After last year’s successful series “How To Win An Effie“, we decided it’s time to continue it this year as well, bringing you even more info on how to prepare for the most famous international competition celebrating efficiency.
Today, we present you Alina Buzatu, Head of Strategy Geometry Bucharest, and part of the Effie 2019’s Jury.
AdHugger.net: What are the most important to dos when being part of the Effie Jury?
Show consideration for the cases and respect for the efforts behind the brief of effectiveness. Evaluation shouldn’t be about comments that make the jurors look smart, but about the quality of the work presented in the entry brief. Focus on the case specifics, given the category.

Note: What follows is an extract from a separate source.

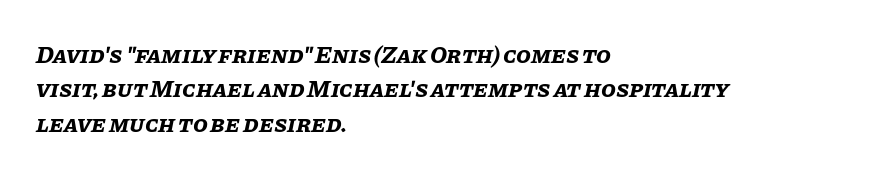
{"italic": "yes", "lean": "right", "slant_degrees": 11, "bold": "yes", "underline": "no", "align": "left", "line_spacing": "normal", "line_spacing_ratio": 1.43, "letter_spacing": "normal", "letter_spacing_em": 0.0, "glyph_px": 24}
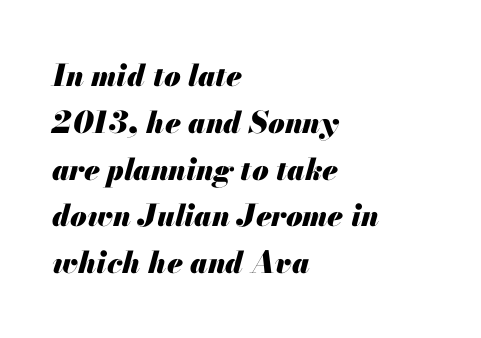
The image shows 30 px heavy type, italic (leaning right); set left-aligned, normal line spacing (1.56x), normal letter spacing, not underlined; medium stroke contrast and a small x-height.

Grade the case with a mindset that gives credit to the case; see the pluses, add points. Sloppy evaluations are about bitterly looking for flaws, in some sort of a witch-hunt adventure (of course, this is valid if the case completely misses the point or raises doubts that affect the integrity of the narrative).
Hold on to a fair judgement that considers case data, your own evaluation and room feedback. Even though it’s difficult for all jury members, be prepared to admit you were too generous or too demanding and revise your initial grading accordingly. Leave room for other jurors’ perspectives, you’ll enrich the quality of your own questions and you’ll – most often – be pleasantly surprised by fresh angles.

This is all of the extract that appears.